[Sin 16]

Ari masih menggigit bibirnya saat jarum jam di atas mading kelas belum mencapai angka yang tepat. Tanpa ia sadari, kakinya tak henti mengetuk-ngetuk lantai. Ia tak sanggup mengedarkan pandangan, meski seharusnya ketat mengawasi siswa yang mengerjakan latihan soal. Semua karena Toni memintanya bertukar menjaga kelas yang tidak ia inginkan hingga tak tahu-menahu dengan kondisi Rama sekarang. Ponsel yang dayanya masih diisi juga turut membuatnya berkeringat dan memucat.
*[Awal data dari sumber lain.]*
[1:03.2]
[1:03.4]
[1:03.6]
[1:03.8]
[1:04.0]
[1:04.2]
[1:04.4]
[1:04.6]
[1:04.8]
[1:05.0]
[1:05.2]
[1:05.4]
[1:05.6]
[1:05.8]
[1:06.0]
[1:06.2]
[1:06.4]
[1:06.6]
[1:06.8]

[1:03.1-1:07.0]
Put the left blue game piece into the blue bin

Tepat setelah pemberitahuan istirahat pertama, lelaki berkemeja abu-abu itu langsung mengambil ponselnya yang sudah terisi dua puluh persen. Kemudian ia antre di belakang siswa yang ingin keluar dan menuju kantin. Tidak sabar, ia pun berulang kali mengucap permisi dan menerobos mereka. Meski tak ada hujatan sama sekali, tatapan yang dilayangkan padanya cukup membuat Ari sadar diri untuk segera enyah.

Kelas yang ia jaga hari ini letaknya sungguh di ujung, dekat dengan gerbang sekolah. Ia harus mempercepat langkah agar cepat sampai ke ujung lorong, kelas yang Rama huni. Anda saja lumrah, ia sudah berlari terbirit-birit, tetapi ditahan sekuat mungkin agar terlihat biasa saja alias sewajarnya.
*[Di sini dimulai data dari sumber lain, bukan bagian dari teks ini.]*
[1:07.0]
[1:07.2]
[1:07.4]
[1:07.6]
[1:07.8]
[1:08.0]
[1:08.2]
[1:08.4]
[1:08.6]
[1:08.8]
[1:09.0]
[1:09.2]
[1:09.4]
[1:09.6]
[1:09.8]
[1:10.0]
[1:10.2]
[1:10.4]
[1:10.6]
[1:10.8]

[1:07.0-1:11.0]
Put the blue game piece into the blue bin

Sayang, tampang cool dan wibawa yang coba Ari pertahankan seketika pudar saat melihat Rama berjalan keluar kelas sambil mengusap-usap lengannya. Ia segera mendekat, mengamati lelaki itu dari bawah hingga atas yang basah kuyup. Namun, bukannya meratap, Rama justru tersenyum. Ia tidak paham dengan keterkejutan Ari saat ini.

"Udah mulai, ya?" tanya Ari. Tangannya tak terlepas dari lengan Rama.

"Iya, Bang."

"Lo bawa baju ganti?"

Rama mengangkat tas bekas belanjaan yang ia ambil dari laci. "Ini, sesuai saran lo."

"Ya udah," Ari celingak-celinguk mengecek kanan kirinya, "kita ke UKS dulu."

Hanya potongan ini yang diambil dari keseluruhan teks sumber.